→ Data
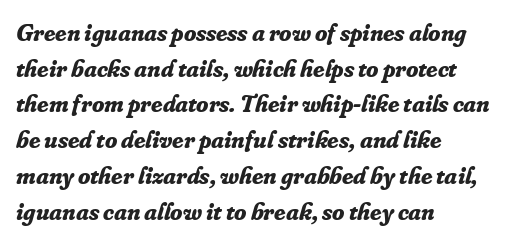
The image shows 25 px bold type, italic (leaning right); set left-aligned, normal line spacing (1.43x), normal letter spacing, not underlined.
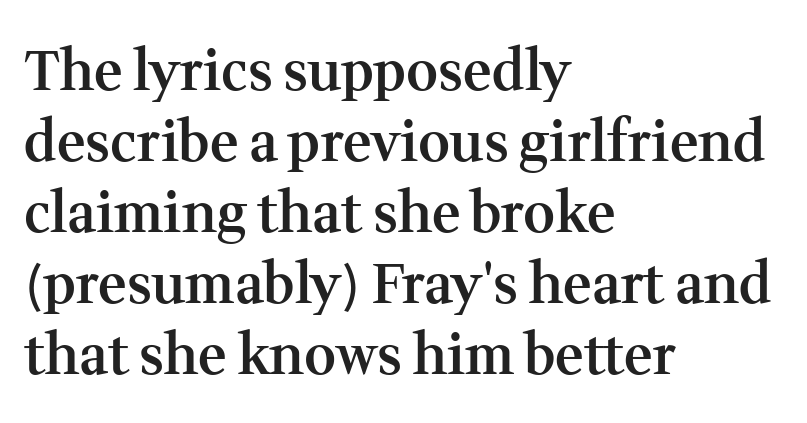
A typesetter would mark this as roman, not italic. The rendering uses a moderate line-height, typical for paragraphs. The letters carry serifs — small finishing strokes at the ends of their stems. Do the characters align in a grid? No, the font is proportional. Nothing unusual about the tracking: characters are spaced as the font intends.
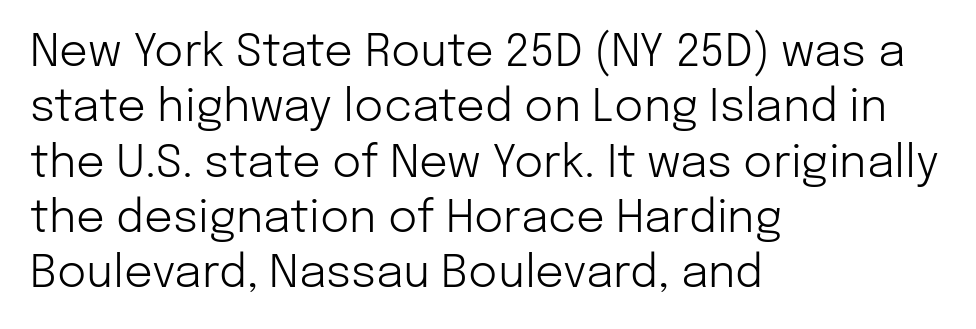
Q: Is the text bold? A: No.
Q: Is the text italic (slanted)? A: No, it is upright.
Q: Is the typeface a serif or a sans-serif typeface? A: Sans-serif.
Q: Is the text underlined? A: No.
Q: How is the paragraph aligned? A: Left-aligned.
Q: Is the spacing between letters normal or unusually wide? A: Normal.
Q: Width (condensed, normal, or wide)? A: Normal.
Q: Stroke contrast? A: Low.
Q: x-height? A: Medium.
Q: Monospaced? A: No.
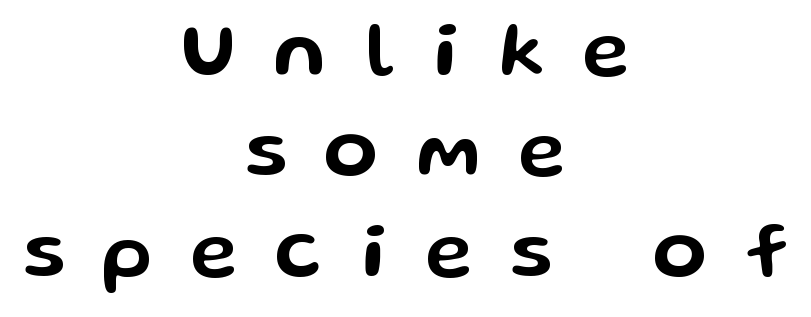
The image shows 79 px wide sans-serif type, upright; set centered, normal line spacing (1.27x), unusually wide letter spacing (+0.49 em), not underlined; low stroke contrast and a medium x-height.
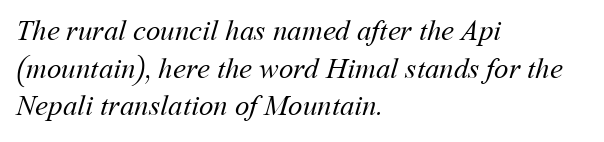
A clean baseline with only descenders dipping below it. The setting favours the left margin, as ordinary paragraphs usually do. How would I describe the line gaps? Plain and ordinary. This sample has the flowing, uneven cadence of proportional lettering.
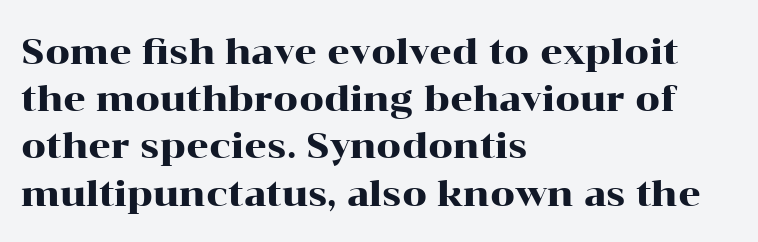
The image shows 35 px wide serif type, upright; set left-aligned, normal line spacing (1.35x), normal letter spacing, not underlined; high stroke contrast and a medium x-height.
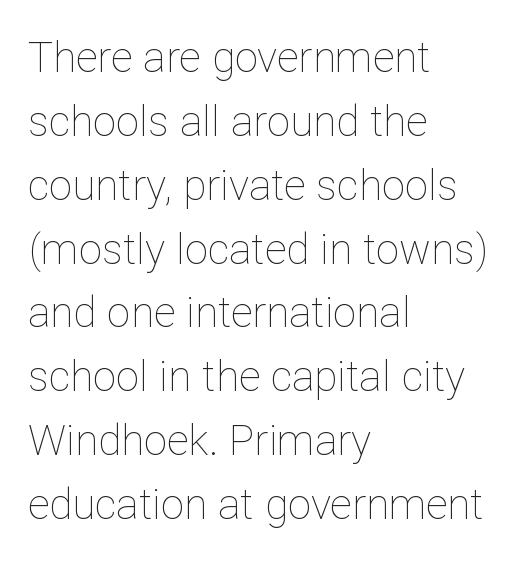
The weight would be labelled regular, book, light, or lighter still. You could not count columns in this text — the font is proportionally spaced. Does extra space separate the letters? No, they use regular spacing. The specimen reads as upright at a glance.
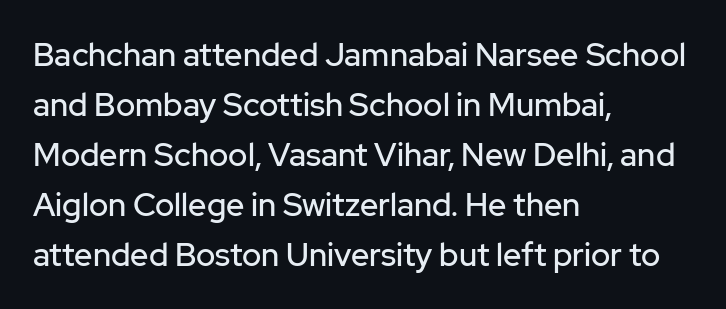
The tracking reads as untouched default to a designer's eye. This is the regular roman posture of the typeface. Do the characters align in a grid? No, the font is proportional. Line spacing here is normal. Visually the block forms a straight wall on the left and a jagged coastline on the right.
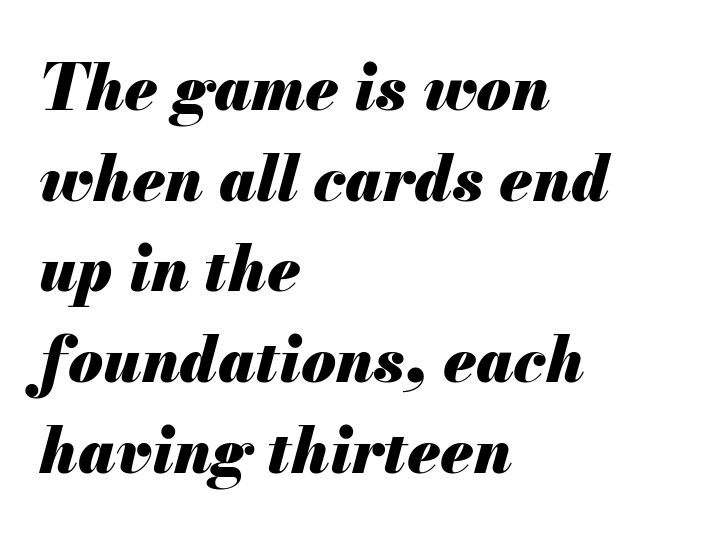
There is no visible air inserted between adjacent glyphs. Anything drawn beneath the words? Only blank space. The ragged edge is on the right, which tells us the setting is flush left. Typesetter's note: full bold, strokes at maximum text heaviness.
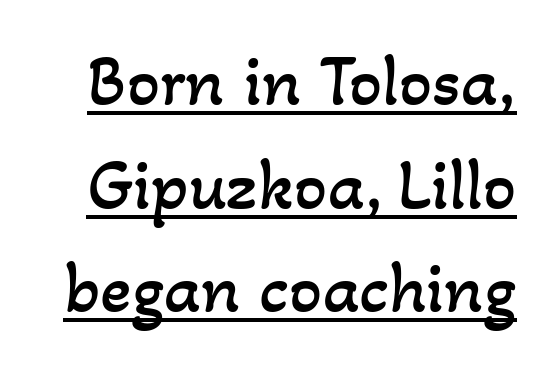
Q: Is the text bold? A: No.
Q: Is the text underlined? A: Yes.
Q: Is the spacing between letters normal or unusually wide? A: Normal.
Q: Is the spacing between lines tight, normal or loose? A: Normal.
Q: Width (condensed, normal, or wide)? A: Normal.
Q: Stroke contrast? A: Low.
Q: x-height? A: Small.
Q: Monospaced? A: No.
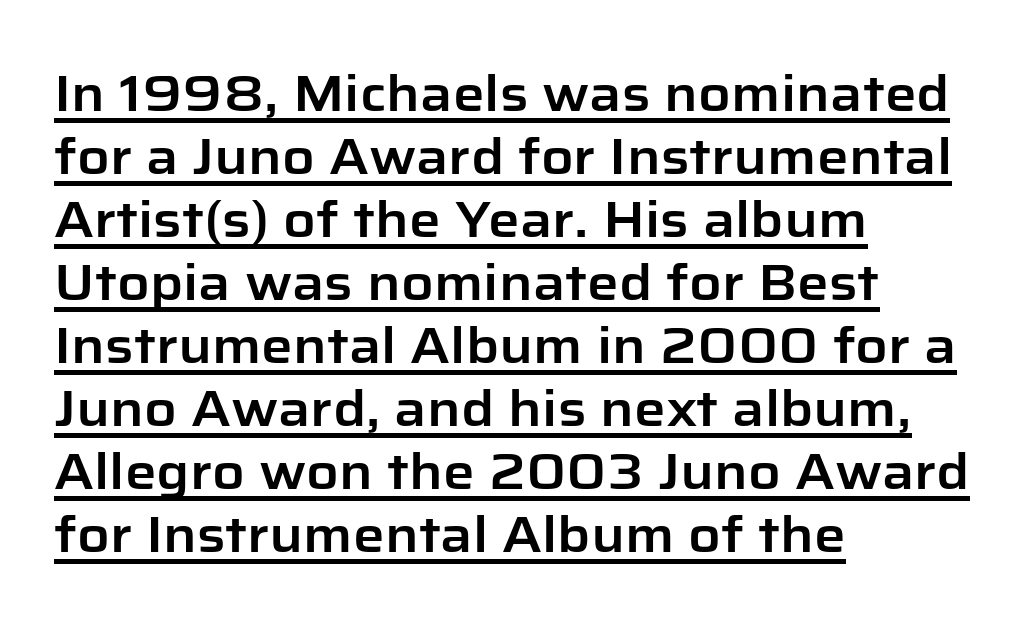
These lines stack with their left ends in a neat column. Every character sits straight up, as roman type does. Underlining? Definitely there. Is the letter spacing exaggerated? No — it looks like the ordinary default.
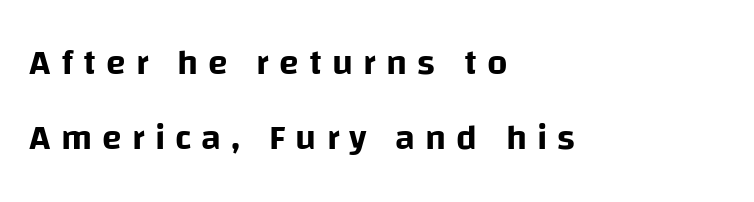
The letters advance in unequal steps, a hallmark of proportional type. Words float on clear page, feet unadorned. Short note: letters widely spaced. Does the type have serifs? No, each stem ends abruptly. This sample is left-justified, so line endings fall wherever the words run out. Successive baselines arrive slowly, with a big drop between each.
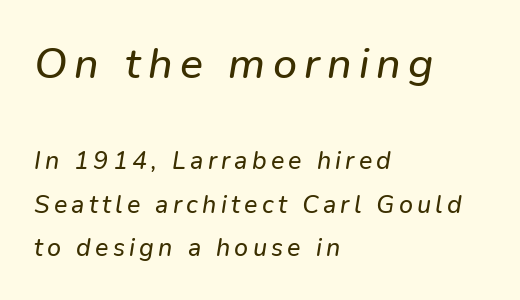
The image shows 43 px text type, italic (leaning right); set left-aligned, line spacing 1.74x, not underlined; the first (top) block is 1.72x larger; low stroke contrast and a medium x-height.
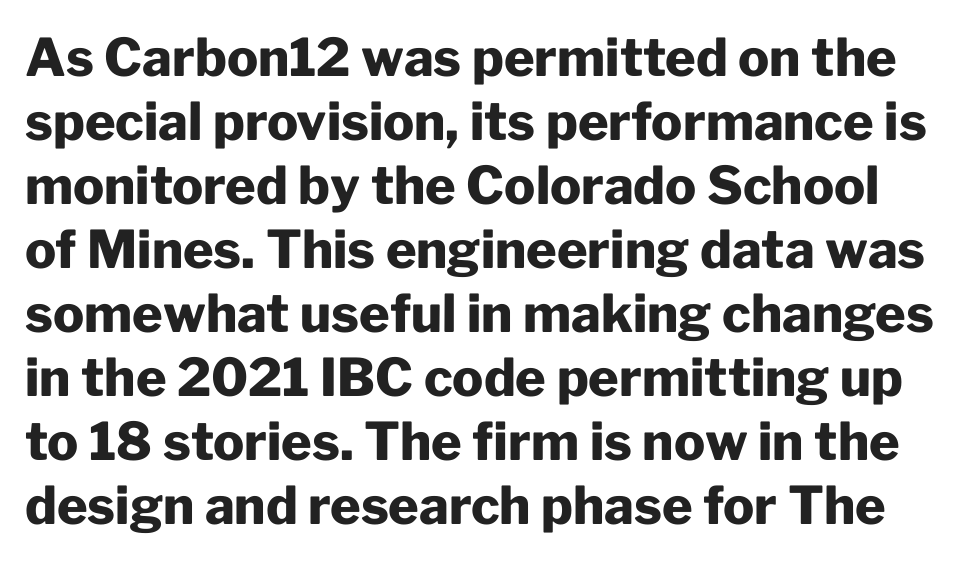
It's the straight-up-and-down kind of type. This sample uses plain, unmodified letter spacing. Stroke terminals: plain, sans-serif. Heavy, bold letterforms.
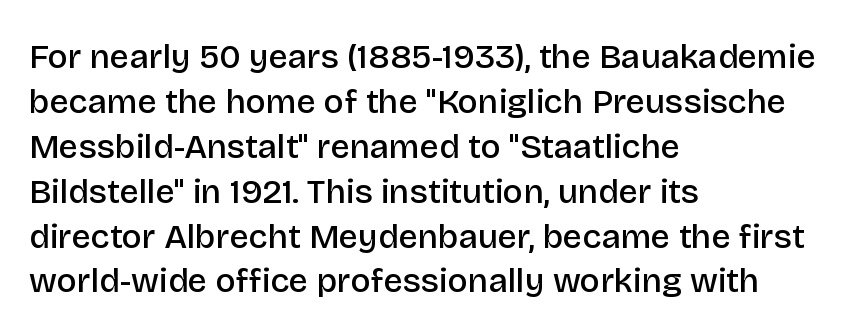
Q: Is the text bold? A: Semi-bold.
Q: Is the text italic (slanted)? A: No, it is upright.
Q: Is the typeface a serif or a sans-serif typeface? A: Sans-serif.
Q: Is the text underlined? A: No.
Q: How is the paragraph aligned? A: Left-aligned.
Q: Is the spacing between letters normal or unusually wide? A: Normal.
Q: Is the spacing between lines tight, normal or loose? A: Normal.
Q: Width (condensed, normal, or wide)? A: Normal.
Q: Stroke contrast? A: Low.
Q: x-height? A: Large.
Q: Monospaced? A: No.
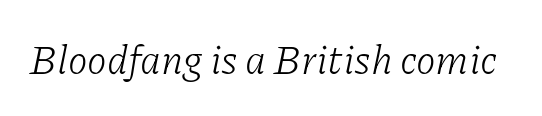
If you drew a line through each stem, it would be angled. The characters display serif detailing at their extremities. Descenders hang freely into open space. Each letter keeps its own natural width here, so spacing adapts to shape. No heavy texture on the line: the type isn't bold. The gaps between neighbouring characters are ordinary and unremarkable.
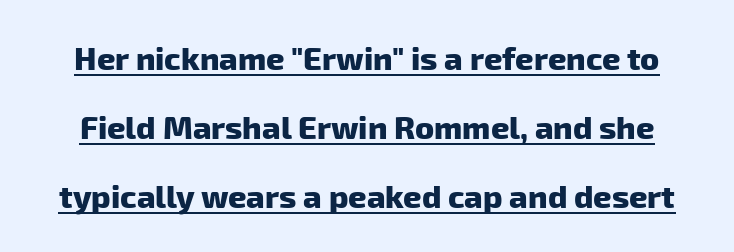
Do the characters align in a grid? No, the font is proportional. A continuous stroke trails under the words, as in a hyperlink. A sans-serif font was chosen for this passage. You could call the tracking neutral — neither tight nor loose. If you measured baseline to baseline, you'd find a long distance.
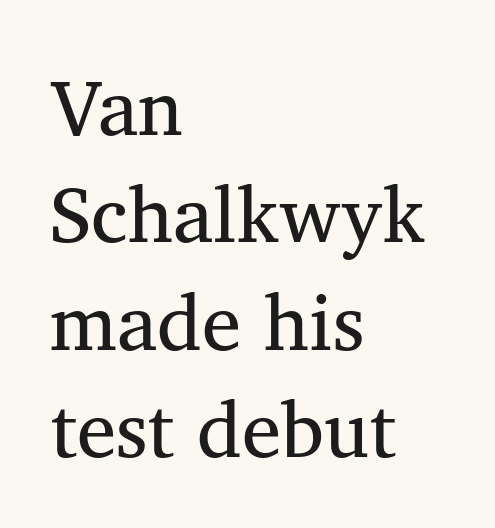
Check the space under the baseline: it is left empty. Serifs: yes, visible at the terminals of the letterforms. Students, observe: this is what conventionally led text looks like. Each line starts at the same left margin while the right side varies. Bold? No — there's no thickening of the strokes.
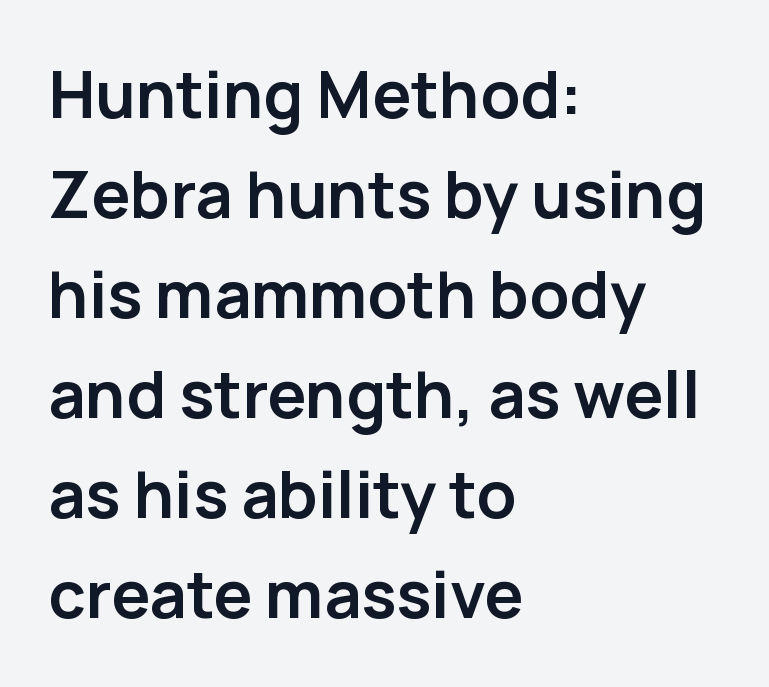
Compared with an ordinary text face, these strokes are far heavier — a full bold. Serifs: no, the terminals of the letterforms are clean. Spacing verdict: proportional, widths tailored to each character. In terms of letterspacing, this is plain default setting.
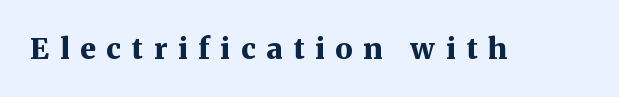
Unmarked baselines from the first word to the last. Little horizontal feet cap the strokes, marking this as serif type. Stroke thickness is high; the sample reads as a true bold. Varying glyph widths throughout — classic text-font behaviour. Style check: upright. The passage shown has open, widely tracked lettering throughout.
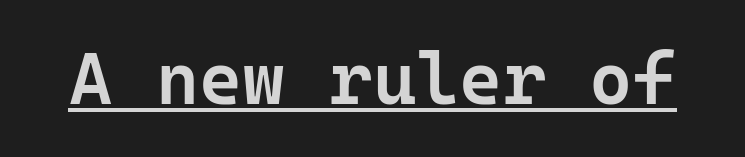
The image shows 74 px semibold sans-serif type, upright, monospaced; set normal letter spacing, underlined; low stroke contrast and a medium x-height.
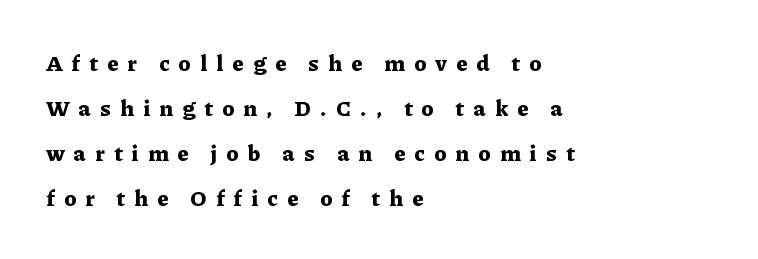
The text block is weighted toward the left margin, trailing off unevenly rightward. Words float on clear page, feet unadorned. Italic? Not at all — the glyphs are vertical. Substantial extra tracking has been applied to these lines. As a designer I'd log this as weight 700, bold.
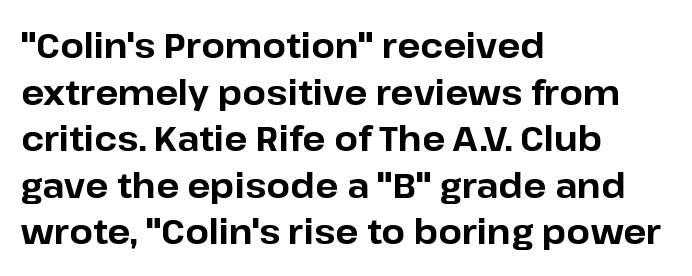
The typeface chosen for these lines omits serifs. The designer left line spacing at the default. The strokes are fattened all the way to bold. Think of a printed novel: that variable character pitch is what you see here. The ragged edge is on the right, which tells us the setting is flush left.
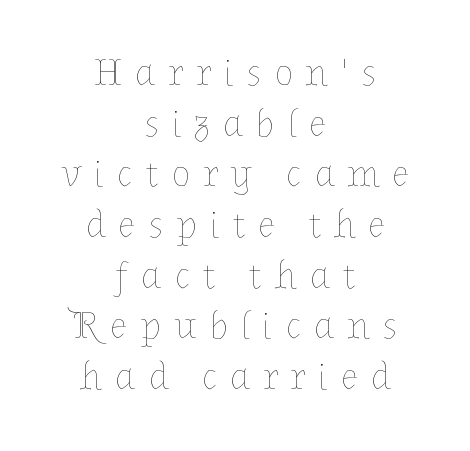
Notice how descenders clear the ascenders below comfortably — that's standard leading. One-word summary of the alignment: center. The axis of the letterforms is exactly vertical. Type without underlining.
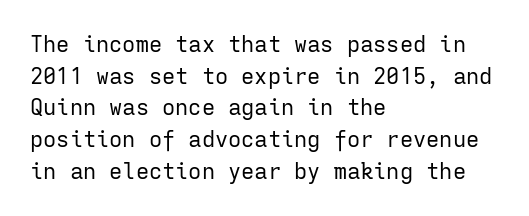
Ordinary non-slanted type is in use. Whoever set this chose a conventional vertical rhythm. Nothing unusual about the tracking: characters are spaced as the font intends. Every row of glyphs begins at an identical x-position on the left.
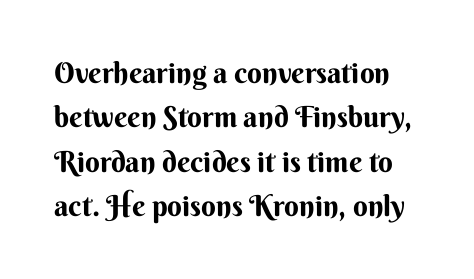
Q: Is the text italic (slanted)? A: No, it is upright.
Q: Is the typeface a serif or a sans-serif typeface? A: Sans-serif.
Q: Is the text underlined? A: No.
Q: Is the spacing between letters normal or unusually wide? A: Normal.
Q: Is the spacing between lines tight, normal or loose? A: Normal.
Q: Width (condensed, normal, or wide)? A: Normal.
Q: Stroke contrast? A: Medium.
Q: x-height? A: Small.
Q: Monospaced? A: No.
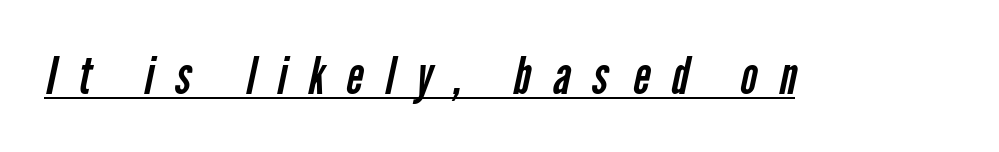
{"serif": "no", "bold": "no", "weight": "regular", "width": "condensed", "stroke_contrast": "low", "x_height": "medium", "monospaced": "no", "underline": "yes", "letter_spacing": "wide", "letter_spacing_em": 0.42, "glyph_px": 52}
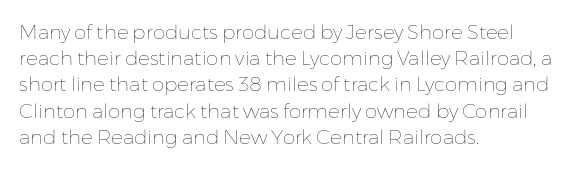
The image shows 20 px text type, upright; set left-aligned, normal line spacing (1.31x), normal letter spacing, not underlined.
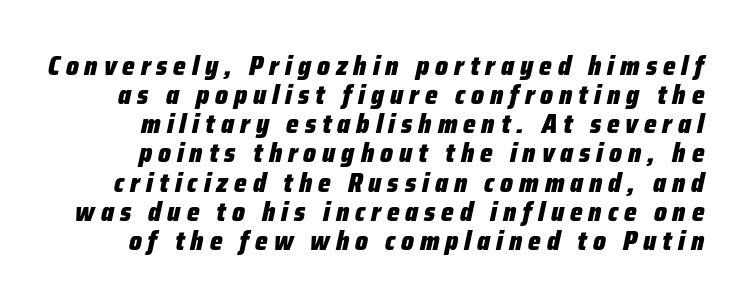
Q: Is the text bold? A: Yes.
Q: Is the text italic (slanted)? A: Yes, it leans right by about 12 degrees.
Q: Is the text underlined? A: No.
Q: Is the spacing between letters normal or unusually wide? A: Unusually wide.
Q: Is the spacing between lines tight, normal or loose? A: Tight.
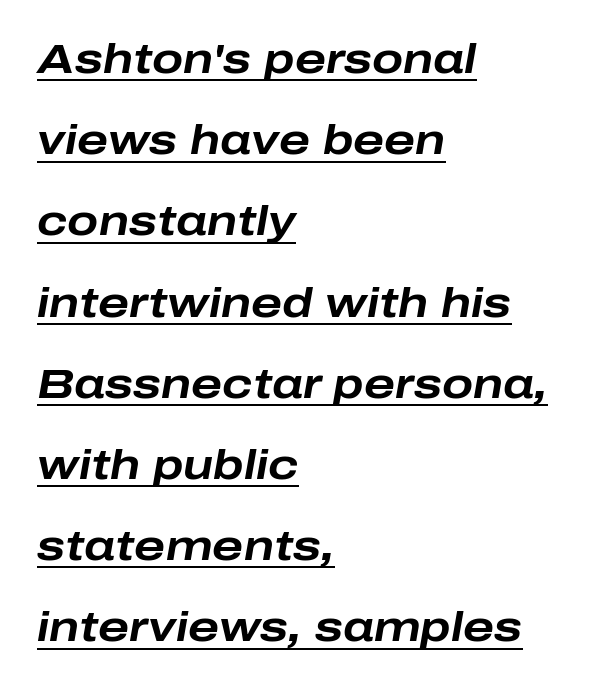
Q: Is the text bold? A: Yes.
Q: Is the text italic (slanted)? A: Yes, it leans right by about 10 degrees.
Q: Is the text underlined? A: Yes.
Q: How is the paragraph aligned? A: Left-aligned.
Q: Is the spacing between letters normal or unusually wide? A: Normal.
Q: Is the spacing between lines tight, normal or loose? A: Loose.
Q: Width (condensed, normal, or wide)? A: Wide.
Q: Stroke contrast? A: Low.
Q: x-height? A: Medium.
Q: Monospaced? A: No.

→ What the task requires
Take from the listing above each line in which the string "image" is found.

→ Finished task
The image shows 25 px bold type, italic (leaning right); set left-aligned, normal line spacing (1.43x), normal letter spacing, not underlined.
The image shows 79 px wide sans-serif type, upright; set centered, normal line spacing (1.27x), unusually wide letter spacing (+0.49 em), not underlined; low stroke contrast and a medium x-height.
The image shows 35 px wide serif type, upright; set left-aligned, normal line spacing (1.35x), normal letter spacing, not underlined; high stroke contrast and a medium x-height.
The image shows 43 px text type, italic (leaning right); set left-aligned, line spacing 1.74x, not underlined; the first (top) block is 1.72x larger; low stroke contrast and a medium x-height.
The image shows 74 px semibold sans-serif type, upright, monospaced; set normal letter spacing, underlined; low stroke contrast and a medium x-height.
The image shows 20 px text type, upright; set left-aligned, normal line spacing (1.31x), normal letter spacing, not underlined.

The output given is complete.